EXERCISE —
Set every entry down again exactly, excluding any pictures.

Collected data
-.-.-

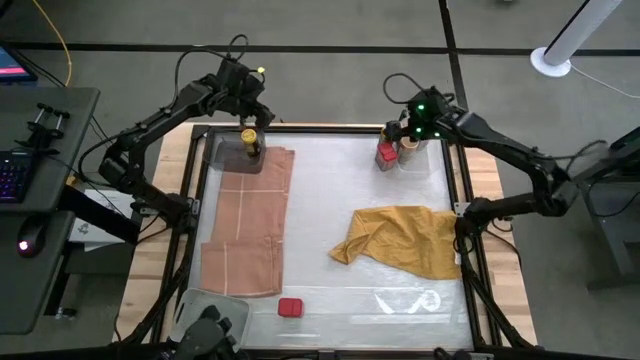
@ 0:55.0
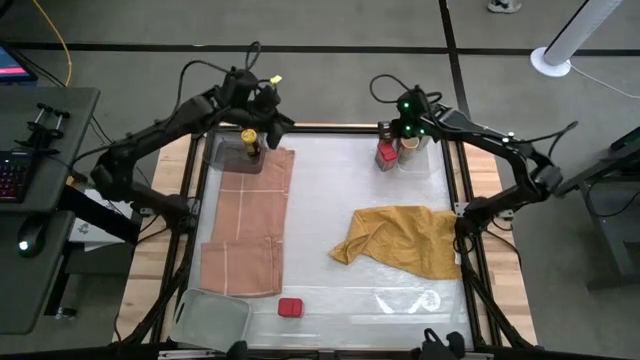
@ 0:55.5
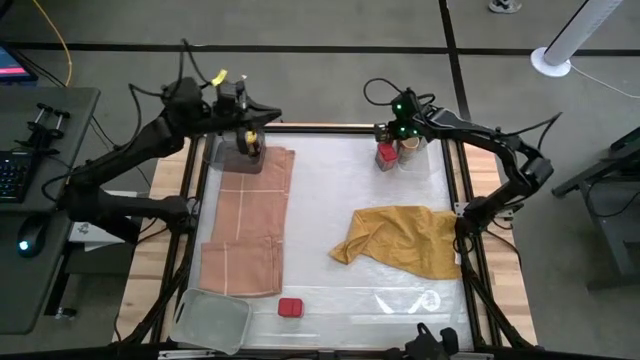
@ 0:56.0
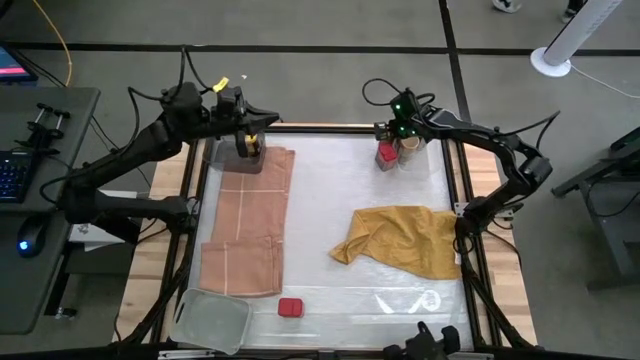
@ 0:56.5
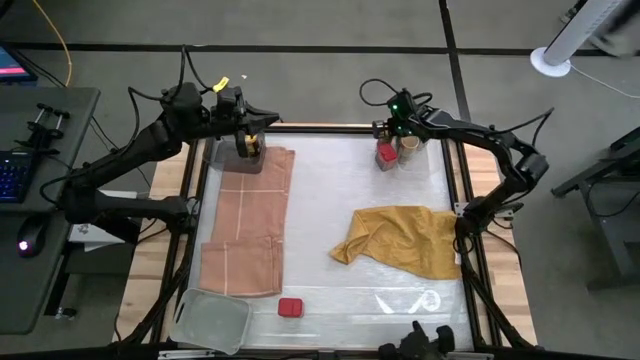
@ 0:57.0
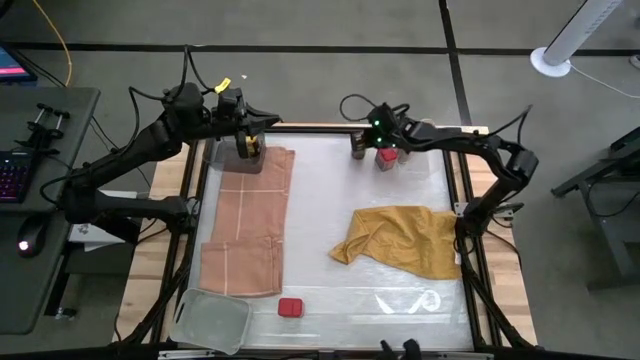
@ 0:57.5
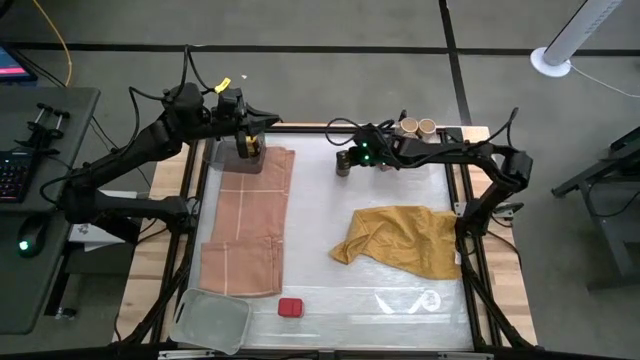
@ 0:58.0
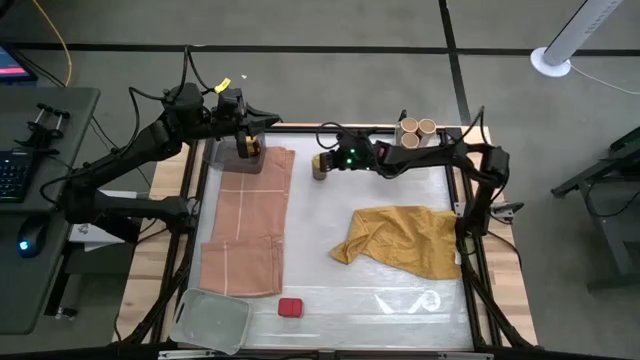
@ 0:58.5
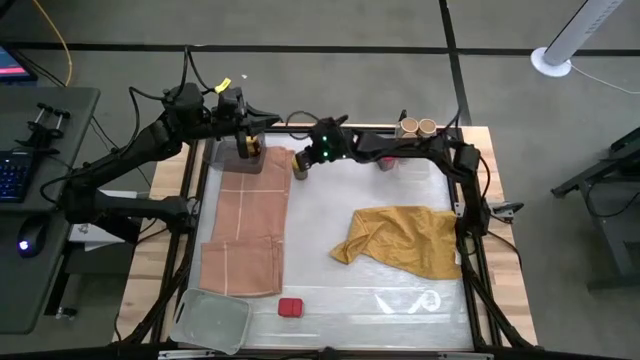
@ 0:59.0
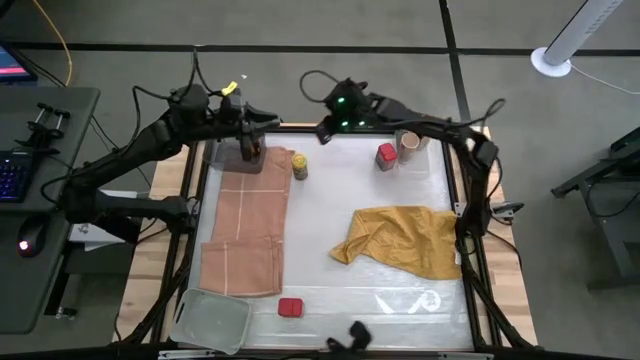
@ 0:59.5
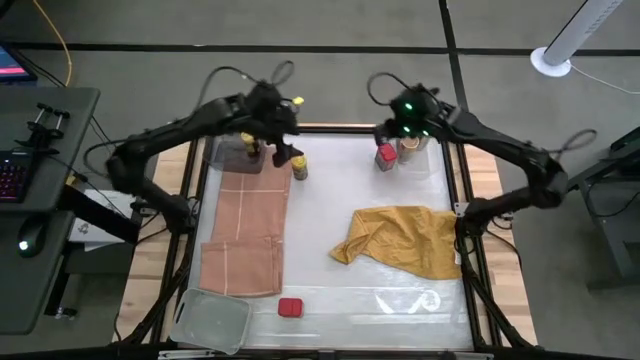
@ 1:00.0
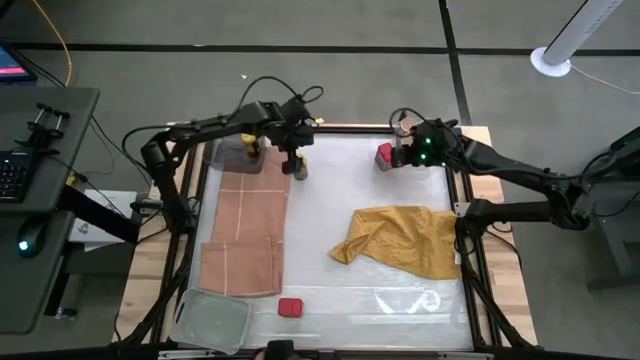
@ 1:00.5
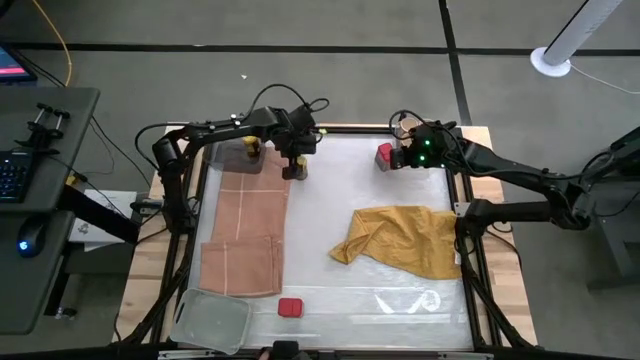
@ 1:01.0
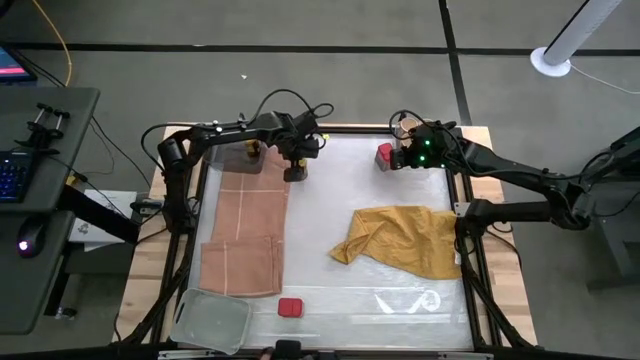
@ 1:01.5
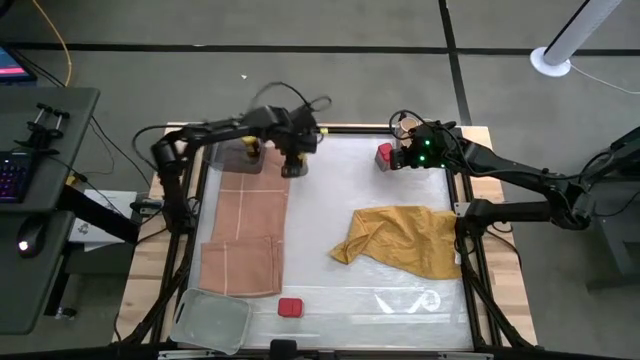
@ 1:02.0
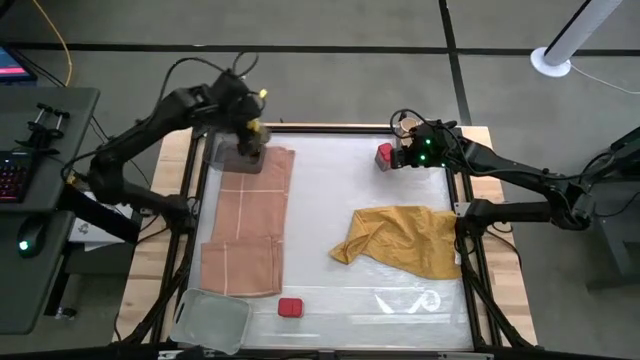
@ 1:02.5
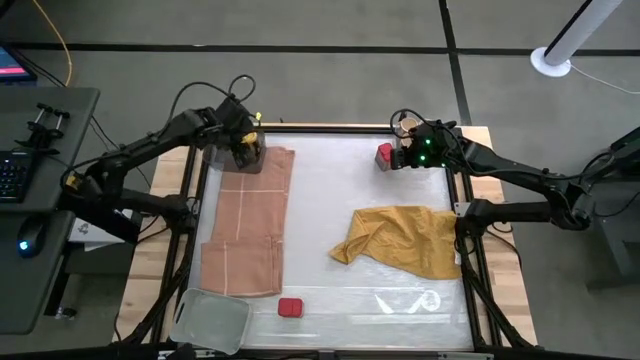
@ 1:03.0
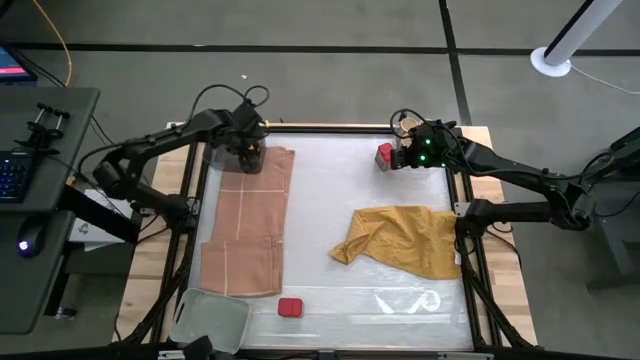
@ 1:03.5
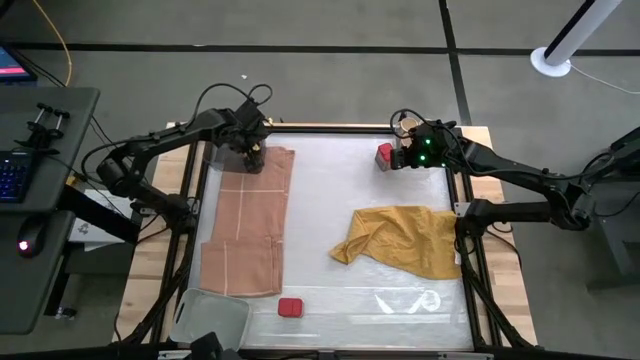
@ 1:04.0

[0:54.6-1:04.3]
Put the yellow seasoning bottle into the black bin

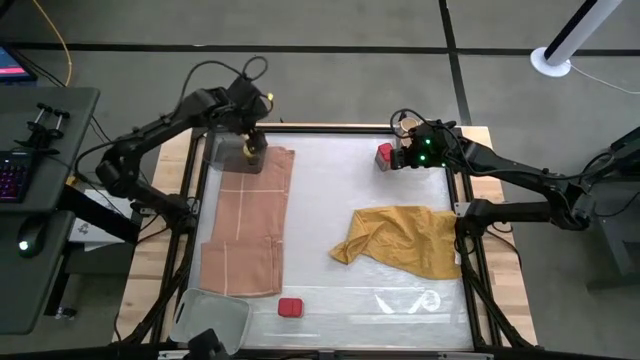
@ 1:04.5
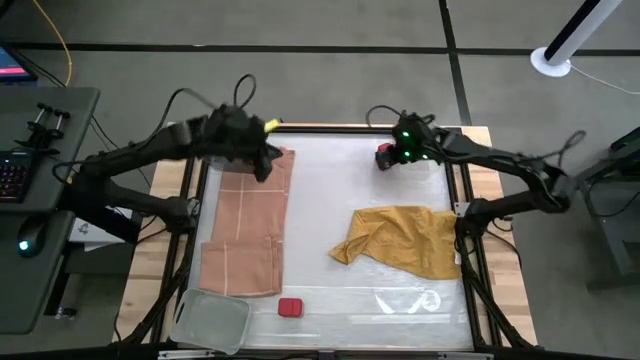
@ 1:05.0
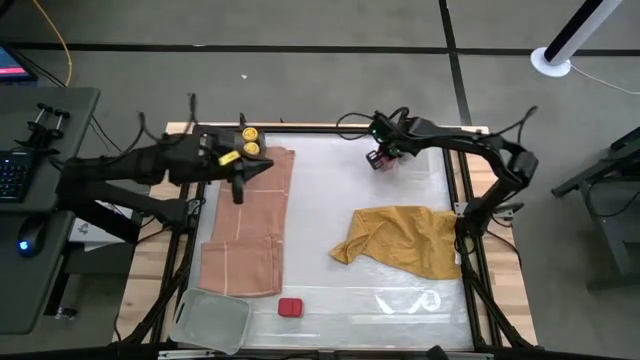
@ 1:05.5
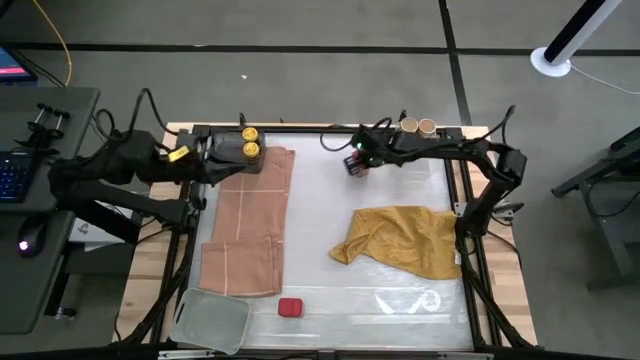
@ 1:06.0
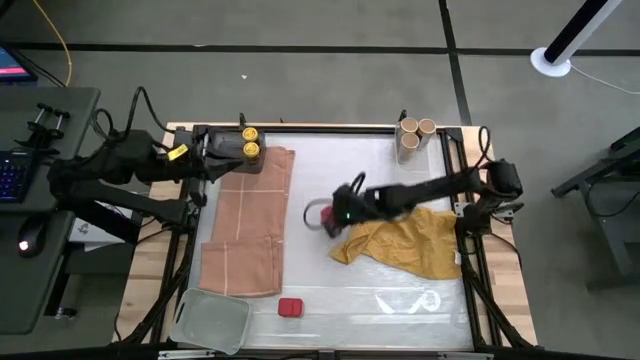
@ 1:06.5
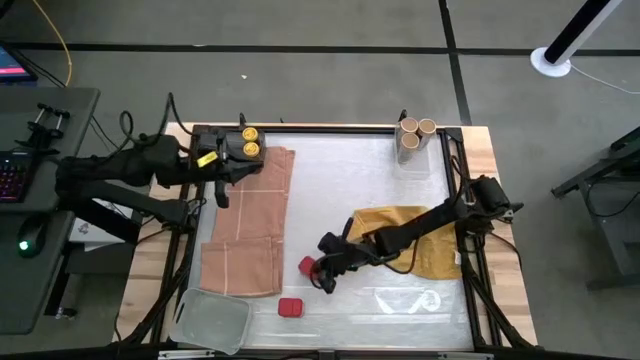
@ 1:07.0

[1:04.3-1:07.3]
Move the top red seasoning can to the bottom of the table

-.-.-

ANSWER BOX —
@ 0:55.0
@ 0:55.5
@ 0:56.0
@ 0:56.5
@ 0:57.0
@ 0:57.5
@ 0:58.0
@ 0:58.5
@ 0:59.0
@ 0:59.5
@ 1:00.0
@ 1:00.5
@ 1:01.0
@ 1:01.5
@ 1:02.0
@ 1:02.5
@ 1:03.0
@ 1:03.5
@ 1:04.0

[0:54.6-1:04.3]
Put the yellow seasoning bottle into the black bin

@ 1:04.5
@ 1:05.0
@ 1:05.5
@ 1:06.0
@ 1:06.5
@ 1:07.0

[1:04.3-1:07.3]
Move the top red seasoning can to the bottom of the table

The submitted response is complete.